Translational Research Project Grant
Dr T Scott Bowen, University of Leeds
Many patients with heart failure have severe muscle weakness but no effective drug treatments are available. This project will investigate the causes of muscle weakness in heart failure and aims to identify new drug treatments for loss of muscle strength to improve symptoms, quality of life and survival in heart failure patients.
Muscle wasting and weakness is common in many illnesses. This is found in both the breathing and leg muscles, which causes breathlessness and disability. Loss of muscle strength affects simple daily activities such as doing housework, showering, and gardening. Importantly, muscle weakness is a very strong predictor of poor quality of life and early death in patients with heart failure. Around 1 million people in the UK have heart failure and numbers are increasing. Many patients with heart failure have severe muscle weakness but no effective drug treatments are available. It is important that we understand what causes these muscle changes so that new treatments can be developed to improve muscle strength in patients with heart failure.
Dr Bowen’s team has found that heart failure patients have higher muscle levels of a protein called ‘MuRF1’ which may have a very important role in muscle weakness caused by heart failure. When MuRF1 levels are reduced, for example by exercise training, muscle strength and mass improve in heart failure. Many heart failure patients are too ill to perform exercise training, so the team has started a new research programme to identify drugs that can block MuRF1. They have identified one novel drug that can block MuRF1 and exciting early findings show this improves muscle strength.
The main aim of this project is to provide evidence that high levels of MuRF1 in patients with heart failure causes muscle weakness and tiredness. In the lab, they will investigate in detail the role of MuRF1 and the effects of drugs that block MuRF1. In the second part of the project, they will study the changes occurring in muscles of patients with heart failure using muscle biopsies, and compare with the findings made in the lab.

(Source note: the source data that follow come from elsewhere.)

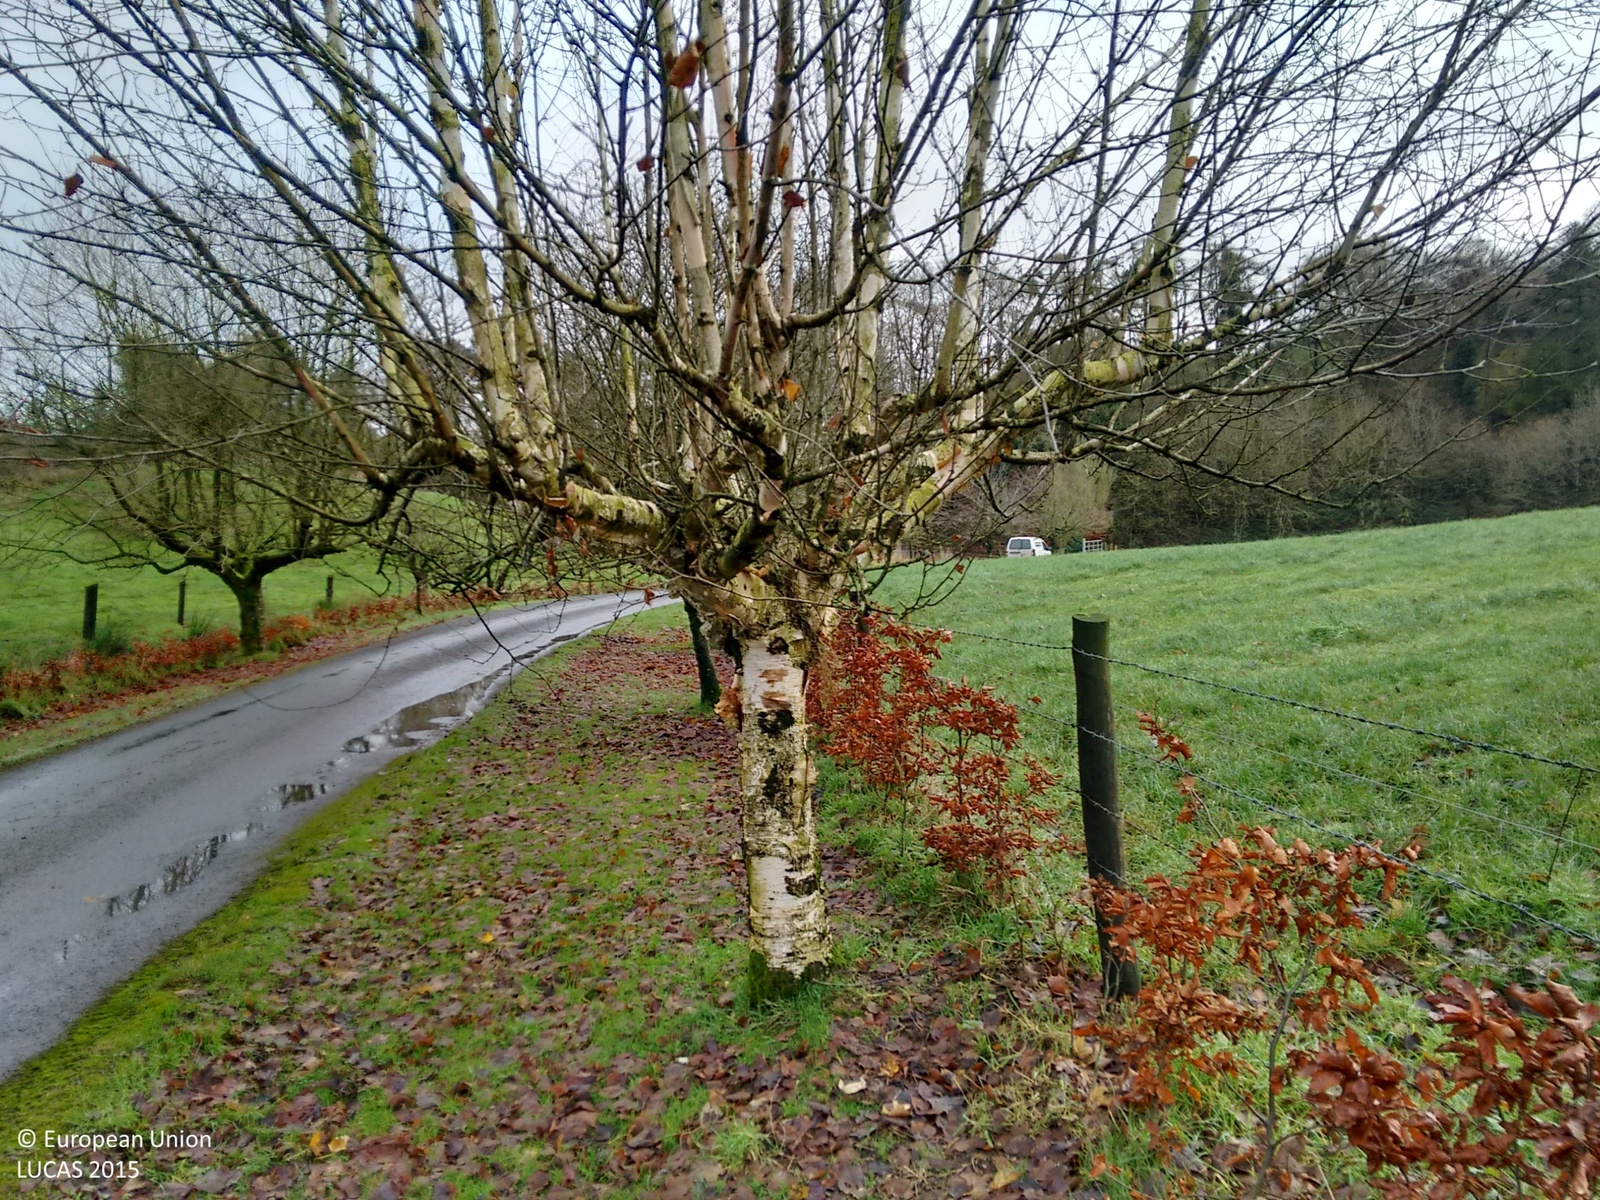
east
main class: Woodland
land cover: Broadleaved woodland
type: acidophilous oak and oak-birch forest
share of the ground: > 75 %
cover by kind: broadleaved forest trees 95 %, shrubs 5 %
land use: Semi-natural and natural areas not in use
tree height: > 5 m
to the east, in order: Broadleaved woodland; Fences; Grassland without tree/shrub cover
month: December
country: IE
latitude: 53.9834
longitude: -7.1804

If successful, this project will help us understand what causes muscle weakness in heart failure and identify new drug treatments for loss of muscle strength. Although this project will focus on heart failure, the muscle changes and involvement of the MuRF1 protein are likely to be similar in other conditions such as cancer, sepsis, lung disease, and ageing. Drug treatments which improve muscle mass and strength have the potential to improve symptoms, quality of life and survival in patients with heart failure and other conditions, and may also lead to socio-economic benefits.